Firm: Morgan Stanley


Location: Newport Beach, CA


Production: $3.15 million


AUM: $678 million


Age: 39



When he was 20 years old, David Bahnsen founded a business management company for musicians that grew to around $3 million in revenue within seven years. When he sold the business at age 27, he so enjoyed investing his profits that he decided to make a career as an advisor.


Bahnsen liked the entrepreneurial feel of once again building a client base. Used to spending 20 hours a day working, he brought over a confidence in his ability to manage and grow a sale-based business. One thing he was careful not to bring over, however, was his old Rolodex of musicians, some of whom could be careless about how they spent their money.


“I didn’t want to work with anyone where I cared about their money more than they did,” he says.

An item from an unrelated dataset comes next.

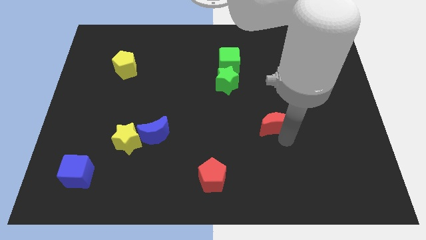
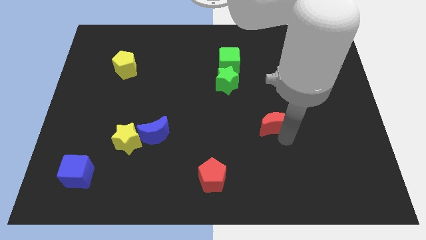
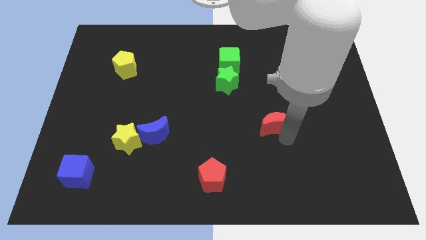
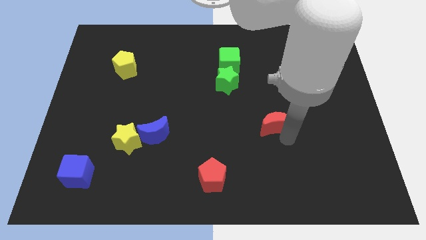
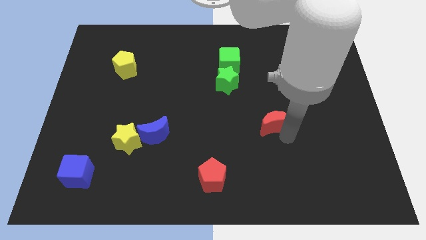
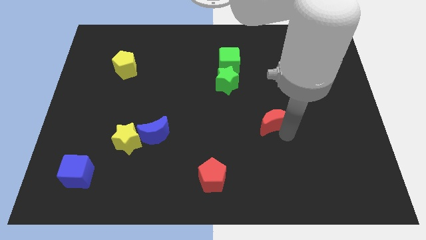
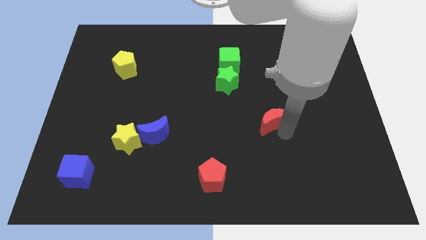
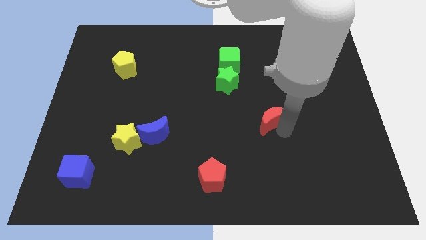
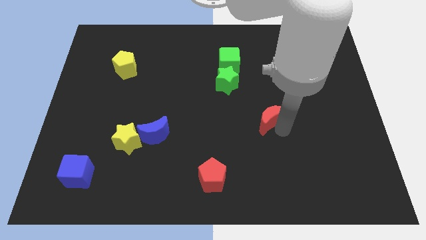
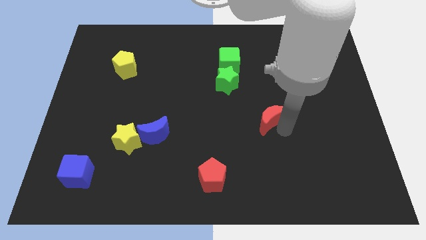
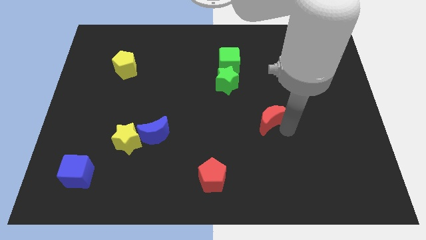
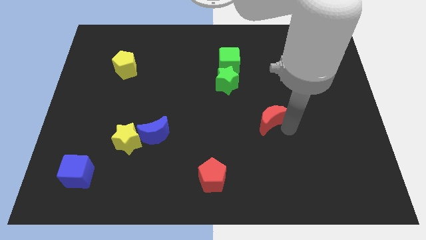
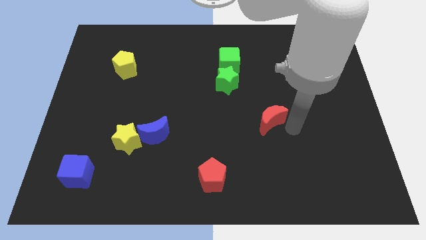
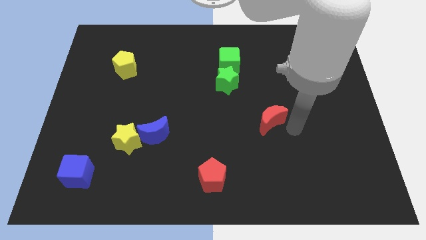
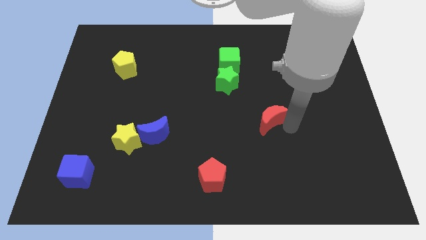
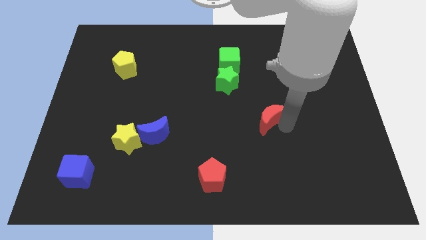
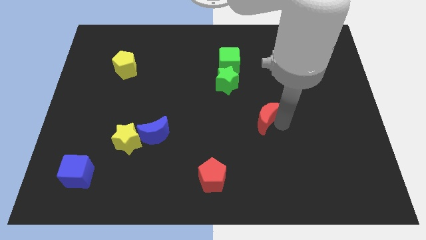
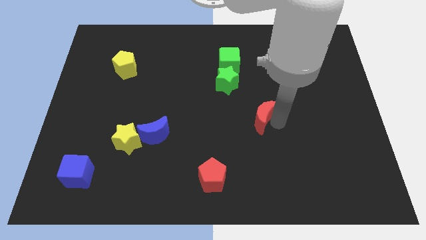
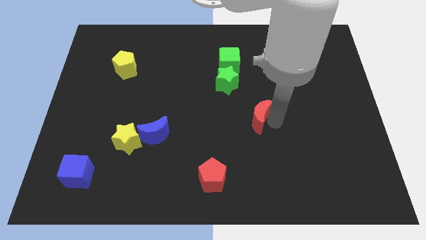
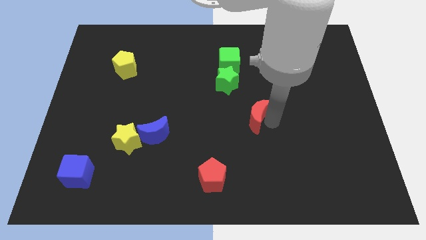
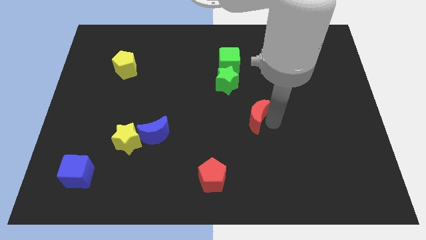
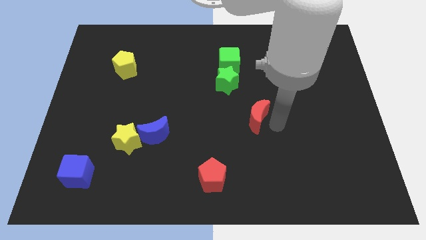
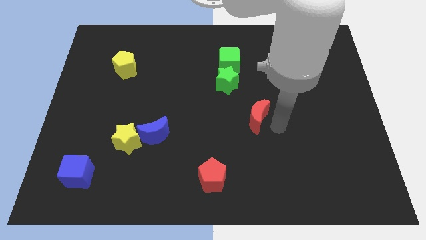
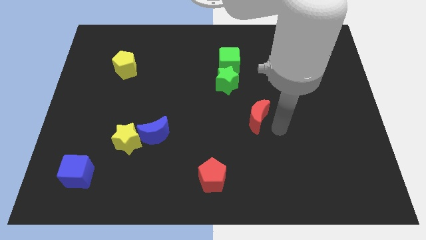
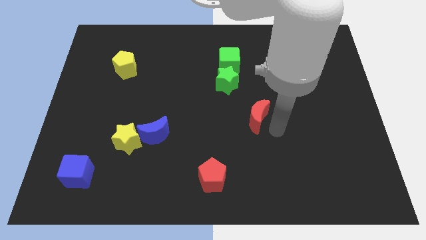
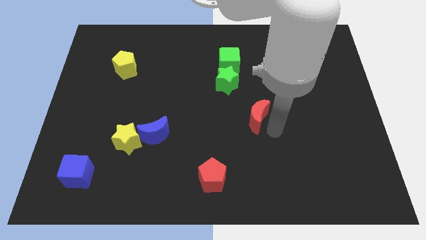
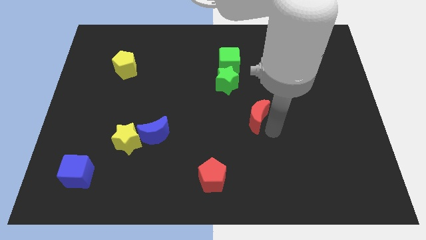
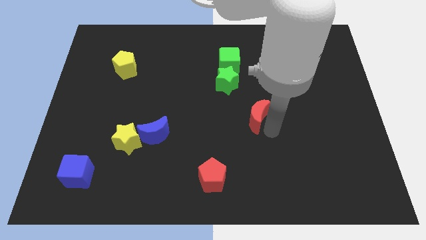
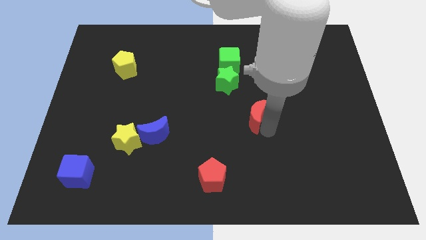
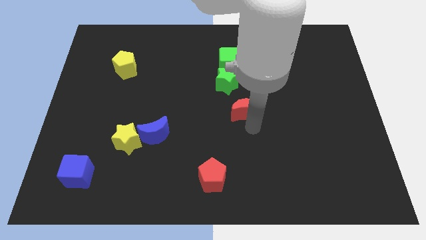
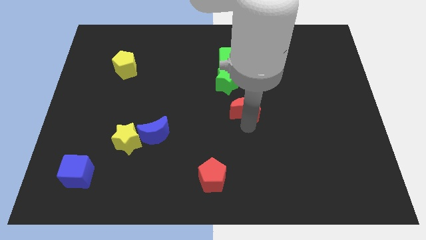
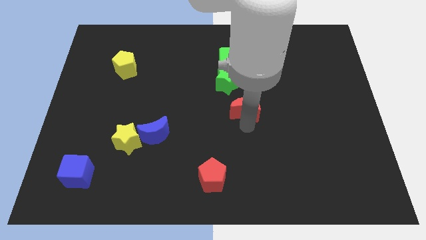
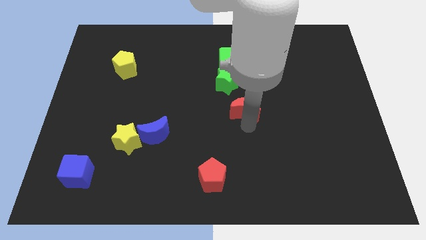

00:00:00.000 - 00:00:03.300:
move the red crescent towards the green star

Now a lead portfolio manager, he requires that all his clients allow him to invest their money on a discretionary basis, an element of control that traces back to the music industry.


“The line that we have in our brochure that we share with clients is that yes, we absolutely do require our clients to trust us,” Bahnsen says. “But what we’re doing in exchange for that trust is promising to be 100% trustworthy.”


He no longer spends 20 hours a day working on his business, but he still gets up at 4:00 every morning to put in a 14-hour shift. He says that determination and his ability to continue to deliver for his clients will be a key differentiator for his practice going forward.


“I love the business, and I love the hours I work,” Bahnsen says. “And until things change where I actually need to sleep, I will take advantage of that.”